A sneer jerked the mayor's face, which grew paler at her word. He was a slender man of medium height, with a clerkly fairness of skin, fair hair cut close to his small head, small ears pressed tight against his skull. But a man with something behind the mask of his commonplace face, something ungrasped at the first look, which grew elusive as one studied it and groped to define it; a something that left a sense of disquietude in the mind, a feeling that this man would come again into the business or the tragedy of one's days, and for no good purpose ever.

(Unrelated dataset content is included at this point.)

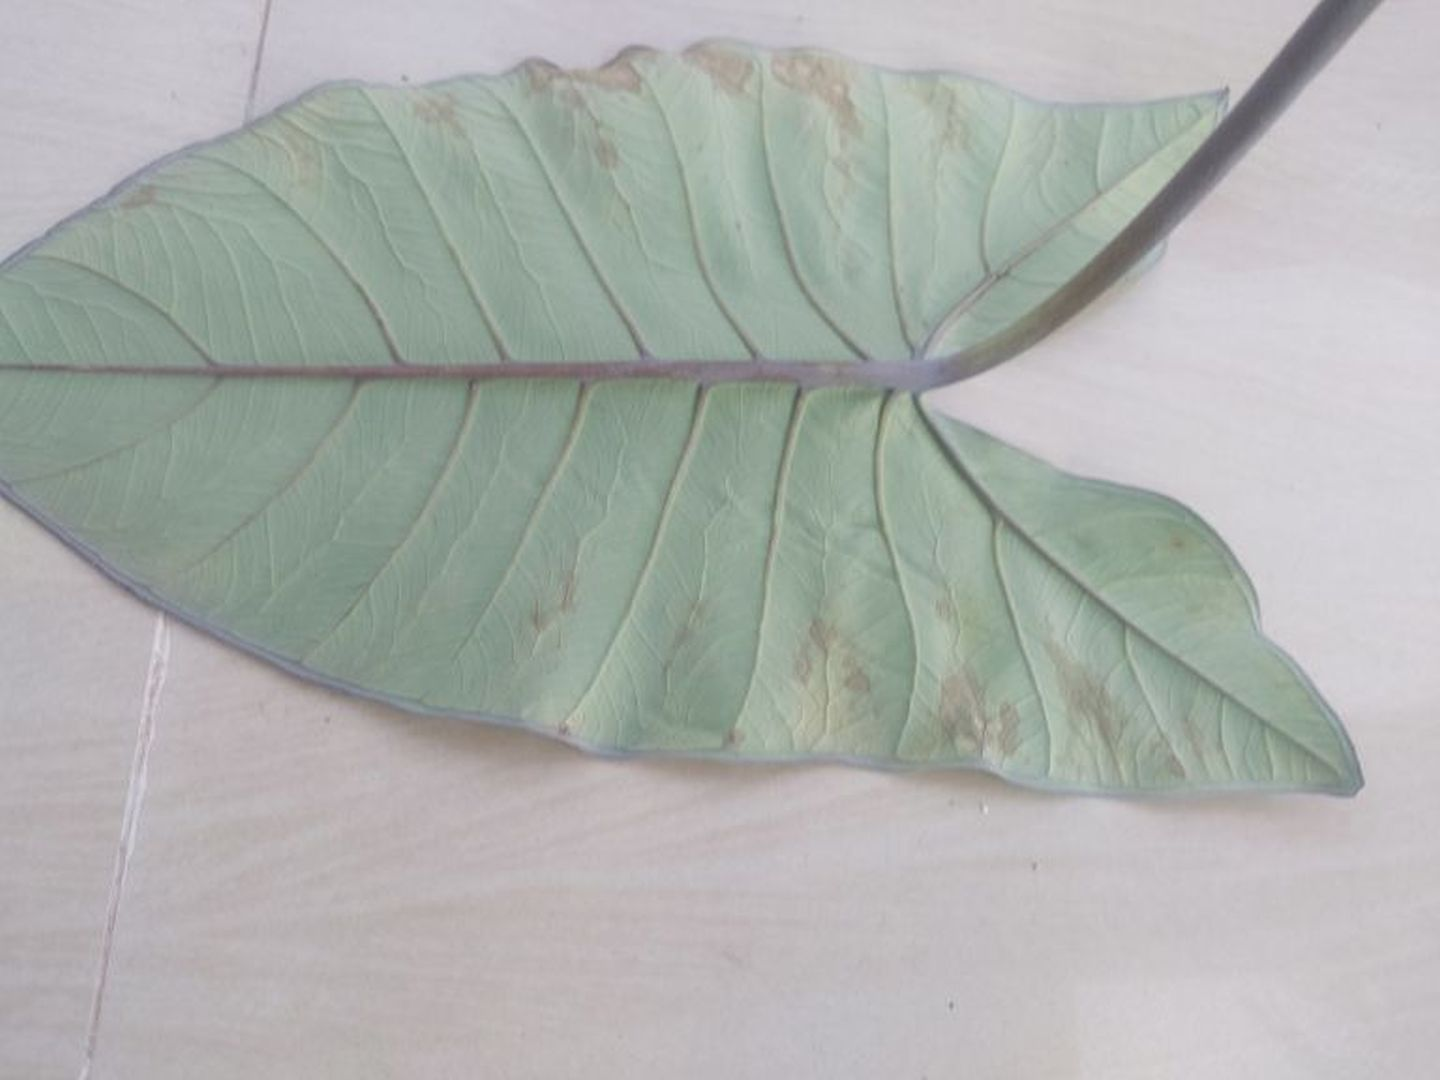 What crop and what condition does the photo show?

He turned his back to her with a quick, uplifting shake of the head, as of defiance, or threat of future adjustment, pushed into the crowd and disappeared. With another smile, and a direct look into his eyes that brought the blood to Hartwell's lean cheeks, the velvet lady followed after the mayor. Uncle Boley touched his young friend's arm; they went in and shut the door.
"You showed them light-heels!" Uncle Boley exulted. "Yes, and I'll bet four bits Johnnie Mackey will have to do some tall lookin' around before he can hire another crowd to tackle that job, by granger!"
"It was uncommonly generous for that young lady to speak up for me," said Texas reflectively, still in that mood of thoughtful depression that seemed to have settled over him like a cloud.
"I don't know who that Fannie Goodnight is, but she's got a rope on Johnnie Mackey's leg. Yes, and I'll bet four bits she can flop him quicker'n she did that shadder of a steer any time she wants to. That white-eyed son-of-a-gun's a-scairt of her; he wilted like a frosted turnip when she dressed him down."
"He did seem to act like he'd taken orders from her before. Well, sir, do you reckon I'll be taken up for what I had to do?"
"They can't take a man up in Cottonwood for defendin' his life," said Uncle Boley, a sort of triumphant pride in the immunities of his town. "The thing's settled as fur as any lawin's goin' to come in. I reckon a hundred people could be called up that saw them fellers crowd that fight on you."
"I hope they could," sighed Texas.
"I was standin' right there in that door when that feller made that pass to sling his gun down on you."
Uncle Boley chuckled at the recollection.
"You moved so dang swift I couldn't tell how you done it, but I can swear till the cows come home that he made the first break toward a gun."
"I'm glad to hear you say it, sir. That young lady remarked that she saw it, too. Two reliable witnesses ought to get a man off from a little fuss like that."
Texas unbelted the gun and offered it to the old man.
"That's a good and a true gun, sir. It came up to what was expected of it, like a friend a man can depend on."
"Keep it; buckle it on you and wear it, son. I've been waitin' for a man to come along that was big enough to stand up under Ed McCoy's gun. It's yours now."
A flush of pride came over the good, homely face of the young man as he drew the big gun from the holster and laid its long barrel in his palm. He stood looking at it with such a tenderness in his eyes as might have gladdened a woman's heart.
"I hope I'll never be called on to sling this gun down on any man again," he said, his voice earnest and low, "and I never will draw it except to defend my life or what belongs to me, or the life or property of somebody not able to fight for himself."
It was as if he pronounced the words of a vow, or the spirit of Ed McCoy had come to confront him, demanding a pledge of his worthiness.
"And I'm a goin' to turn my face around, sir, and see if there isn't some justice to be had for those left behind by the man that used to wear this gun. If the day ever comes that I have to draw it in that cause. I'll use it till I drop with it in my hand, so help me God!"
"Amen!" said Uncle Boley, his head bowed as if he had listened to a prayer.